== Segment start ==

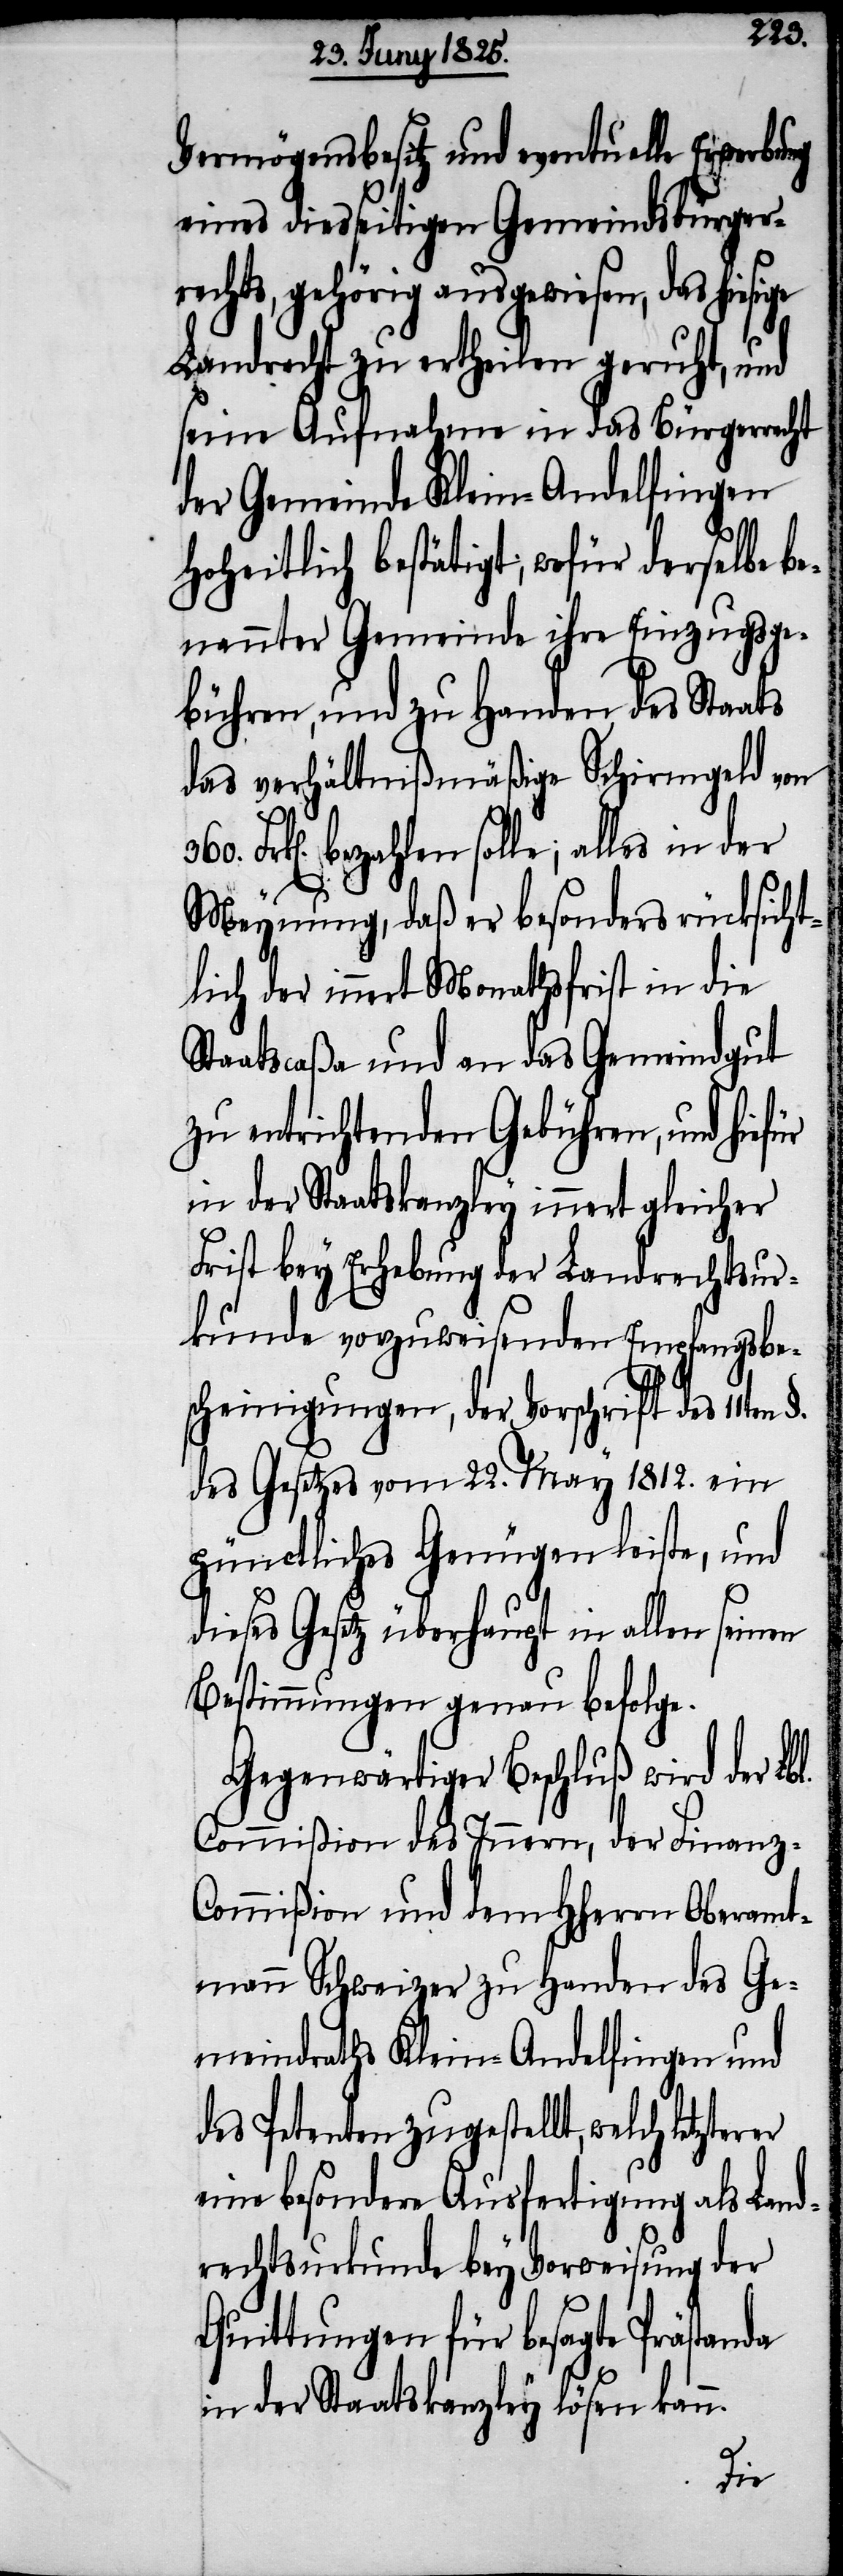
Vermögensbesitz und eventuelle Erwerbung
eines diesseitigen Gemeindsbürgerr¬
echts, gehörig ausgewiesen, das
Landrecht zu ertheilen geruht, und
seine Aufnahme in das Bürgerrecht
der Gemeinde Klein-Andelfingen
Hoheitlich bestätigt; wofür derselbe be¬
nannter Gemeinde ihre Einzugsge¬
bühren, und zu Handen des Staats
das verhältnißmäßige Schirmgeld von
Frk[en]. bezahlen solle; alles in der
Meynung, daß er besonders rücksicht¬
lich der innert Monathsfrist in die
Staatscaßa und an das Gemeindgut
zu entrichtenden Gebühren, und hiefür
in der Staatskanzley innert gleicher
Frist bey Erhebung der Landrechtsur¬
kunde vorzuweisenden Empfangsbe¬
scheinigungen, der Vorschrift des 11ten
des Gesetzes vom 22. May 1812. ein
pünctliches Genügen leiste, und
dieses Gesetz überhaupt in allen seinen
Bestimmungen genau befolge.
Gegenwärtiger Beschluß wird der Lbl.
Commißion des Innern, der Finanz-C¬
ommißion und dem HHerrn Oberamt¬
mann Schweizer zu Handen des Ge¬
meindraths Klein-Andelfingen und
des Petenten zugestellt, welch letz¬
eine besondere Ausfertigung als Land¬
rechtsurkunde bey Vorweisung der
Quittungen für besagte Prästanda
in der Staatskanzley lösen kann.
terer

== Segment end ==

EXERCISE: With the pictures left out, return all the material above exactly.

SOLVED EXERCISE:
Vermögensbesitz und eventuelle Erwerbung
eines diesseitigen Gemeindsbürgerr¬
echts, gehörig ausgewiesen, das
Landrecht zu ertheilen geruht, und
seine Aufnahme in das Bürgerrecht
der Gemeinde Klein-Andelfingen
Hoheitlich bestätigt; wofür derselbe be¬
nannter Gemeinde ihre Einzugsge¬
bühren, und zu Handen des Staats
das verhältnißmäßige Schirmgeld von
Frk[en]. bezahlen solle; alles in der
Meynung, daß er besonders rücksicht¬
lich der innert Monathsfrist in die
Staatscaßa und an das Gemeindgut
zu entrichtenden Gebühren, und hiefür
in der Staatskanzley innert gleicher
Frist bey Erhebung der Landrechtsur¬
kunde vorzuweisenden Empfangsbe¬
scheinigungen, der Vorschrift des 11ten
des Gesetzes vom 22. May 1812. ein
pünctliches Genügen leiste, und
dieses Gesetz überhaupt in allen seinen
Bestimmungen genau befolge.
Gegenwärtiger Beschluß wird der Lbl.
Commißion des Innern, der Finanz-C¬
ommißion und dem HHerrn Oberamt¬
mann Schweizer zu Handen des Ge¬
meindraths Klein-Andelfingen und
des Petenten zugestellt, welch letz¬
eine besondere Ausfertigung als Land¬
rechtsurkunde bey Vorweisung der
Quittungen für besagte Prästanda
in der Staatskanzley lösen kann.
terer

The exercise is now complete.